Duke vs. Louisville – Starting off the snack a little differently tonight. Saturday night’s Battle 4 Atlantis championship game will be between No. 5 Duke and No. 2 Louisville. If a top-5 game isn’t enough to make you feel better about all the food you ate, or the self-shame you imposed on yourself during Black Friday, then add this to the mix. This will be the first time Mike Krzyzewski and Rick Pitino will coach against each other since the 1992 East regional final when Christian Laettner made himself the most hated man in the state of Kentucky for eternity.

Game of the Night

1. N.C. State survives UNC-Asheville – The Wolfpack trailed the majority of the game, until Richard Howell, who had 23 points gave N.C. State the lead for good with just over three minutes to go. N.C. State is coming off a big loss to Oklahoma State and now have to regroup to play Michigan next week as part of the Big Ten/ACC Challenge.

2. Duke 67, VCU 58 – Although Duke didn’t surrender the lead at all in the second half and VCU did everything they could to not take advantage of opportunities  this game was very exciting.
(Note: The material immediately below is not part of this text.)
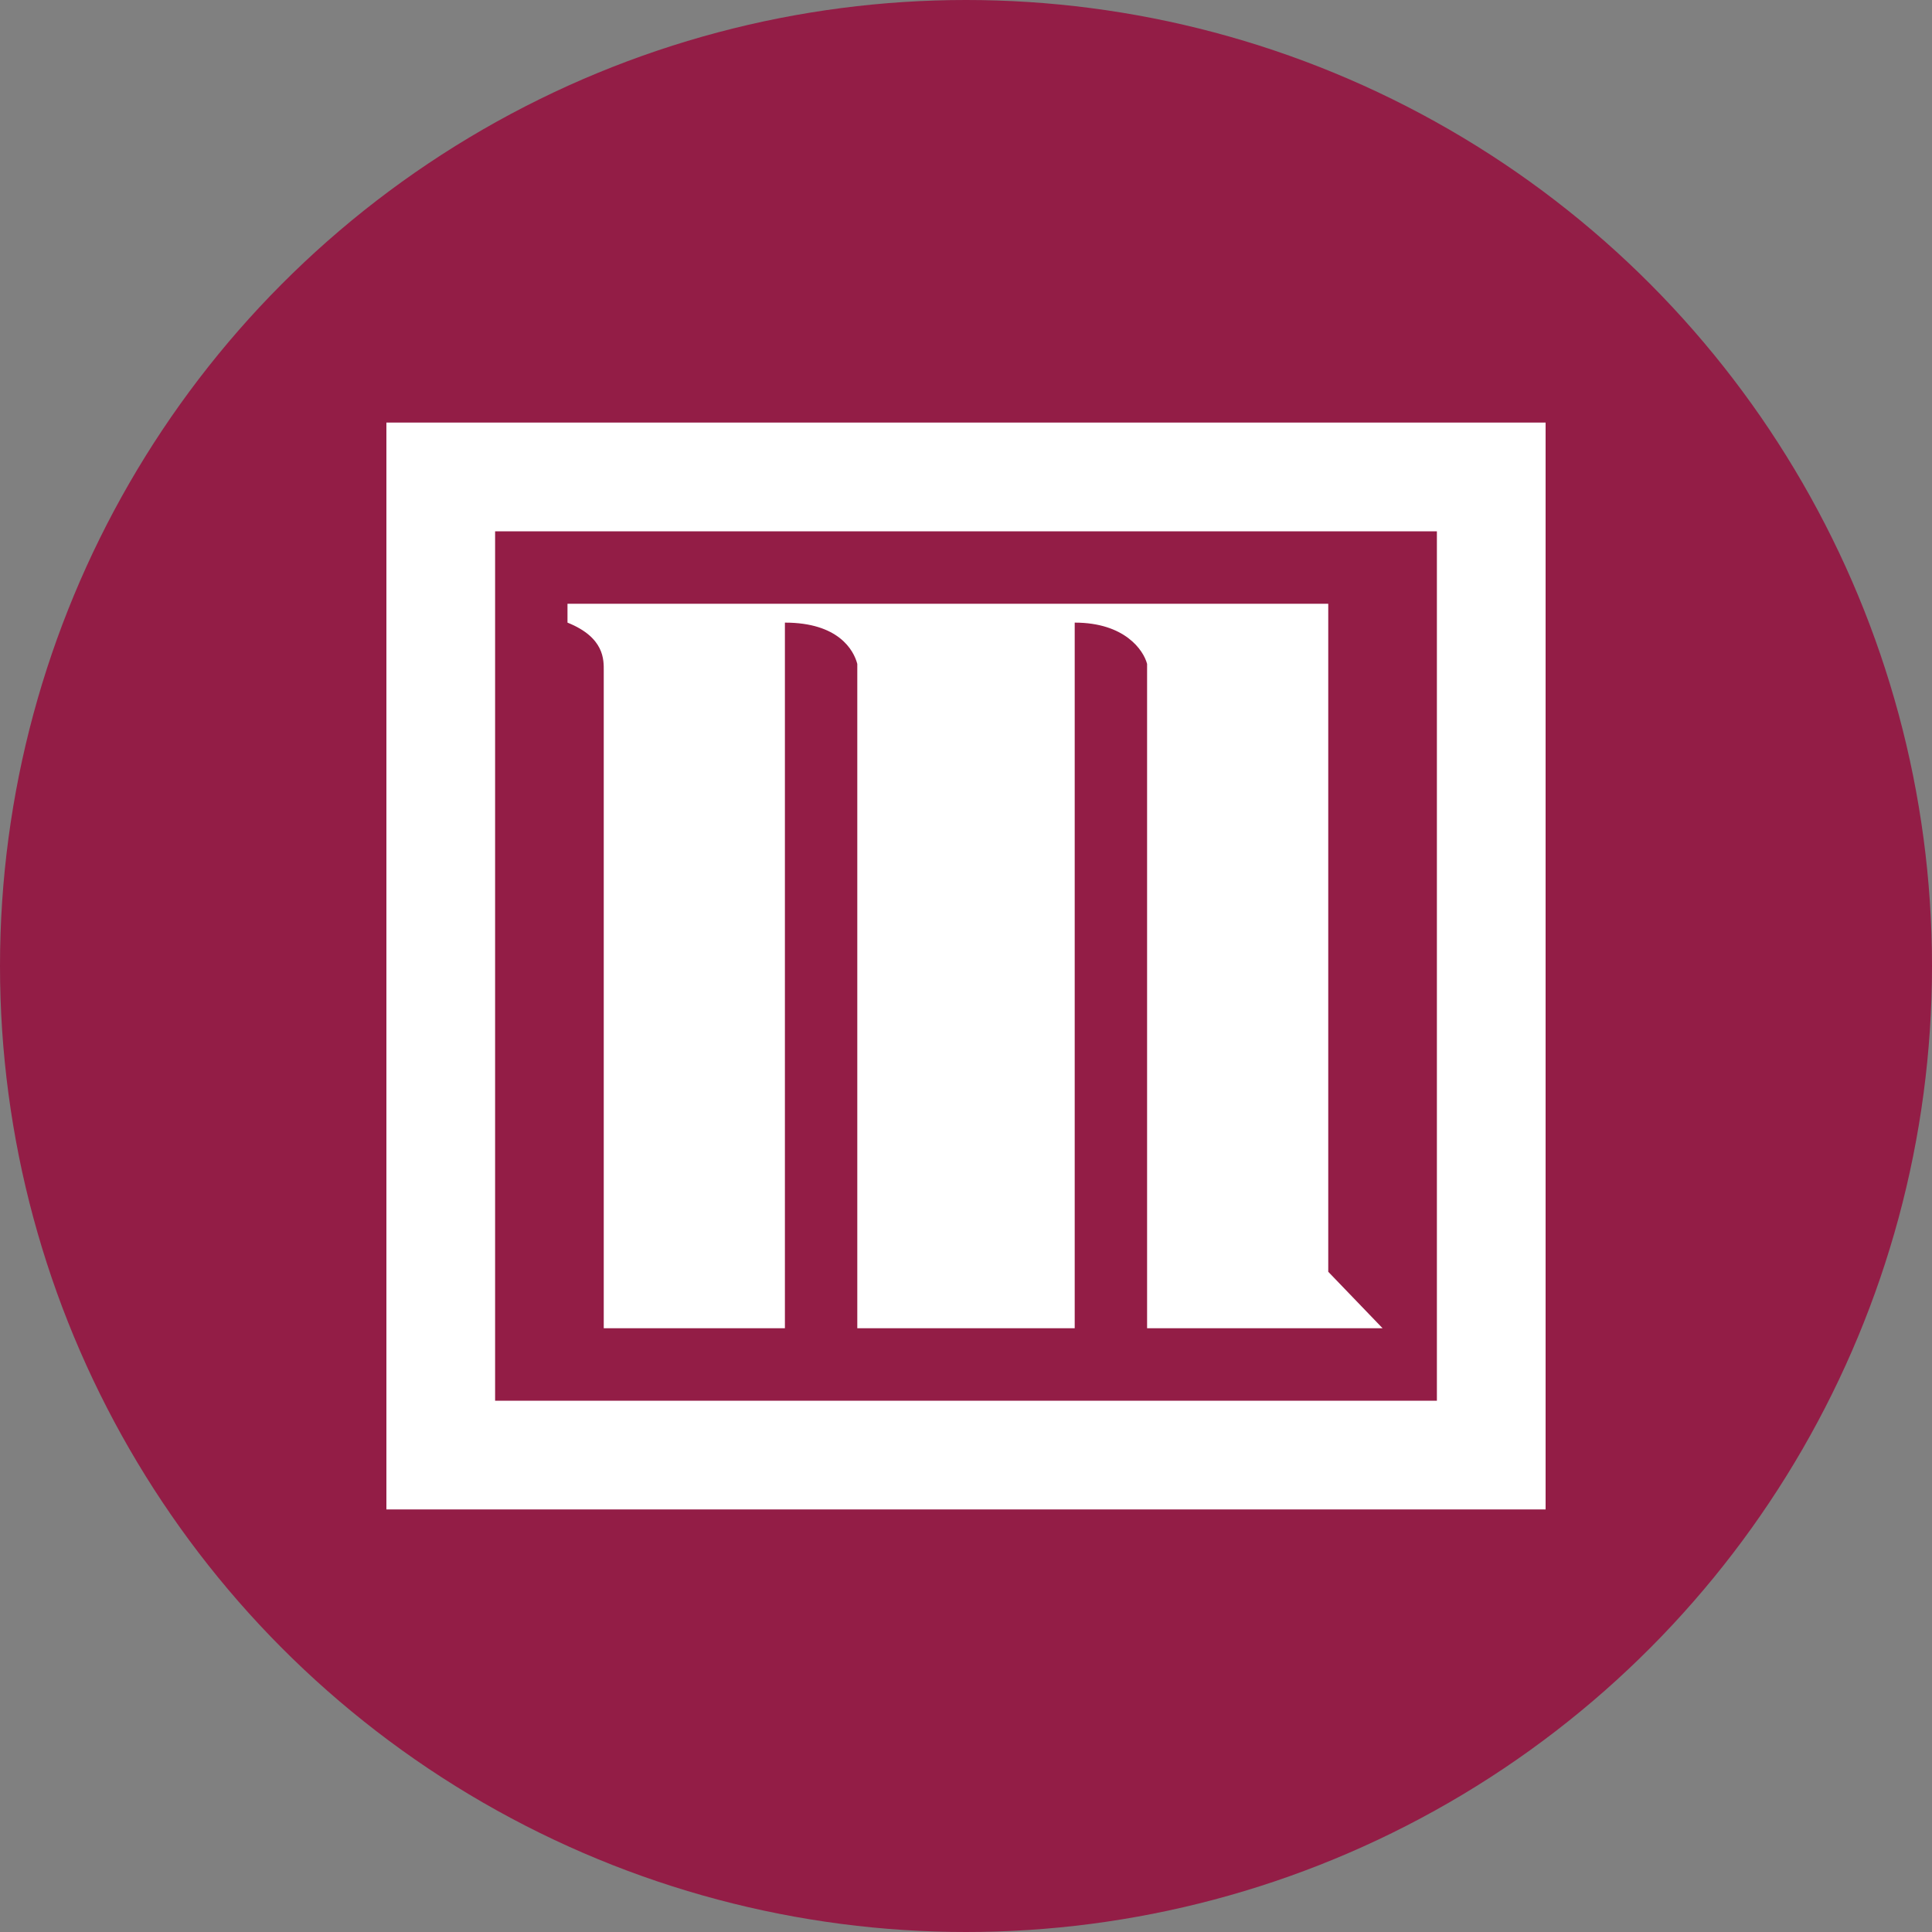 <?xml version='1.0' encoding='utf-8'?>
<svg xmlns="http://www.w3.org/2000/svg" id="Layer_1" data-name="Layer 1" viewBox="0 0 300 300" width="300" height="300"><rect x="0" y="0" width="300" height="300" fill="#808080" stroke="none"/><defs><clipPath id="bz_circular_clip"><circle cx="150.0" cy="150.0" r="150.0" /></clipPath></defs><g clip-path="url(#bz_circular_clip)"><rect x="-1.5" y="-1.5" width="303" height="303" fill="#931d46" /><path d="M60,65.62H240V234.38H60ZM76.88,82.5H223.12v135H76.88ZM88.12,96.68V93.75H206.25V197.48l8.44,8.77H178.12V103.09c-.56-2.14-3.48-6.41-11.24-6.41V206.25H133.12V103.09c-.56-2.14-2.92-6.41-11.24-6.41V206.25H93.75V104.16C93.75,102.52,93.92,99,88.12,96.68Z" fill="#fff" fill-rule="evenodd" /></g></svg>

The energy the Rams bring every night is worth watching. Despite trailing by a  consistent six-eight points throughout the second half, VCU had a chance to string a run together at any moment, just couldn’t put it all together for one sequence

3. Fairleigh Dickinson 63, Delaware State 62 – Kinu Rotchford hit a layup with one second left to give Fairleigh Dickinson its first win of the season over Delaware State as part of the South Padre Island Invitational. Rotchford had 19 points an 14 rebounds.

Important Outcomes

1. Minnesota over Memphis – The Gophers got an early-season win over a ranked opponent. Solid way to regroup after a tough 89-71 loss to Duke the previous day.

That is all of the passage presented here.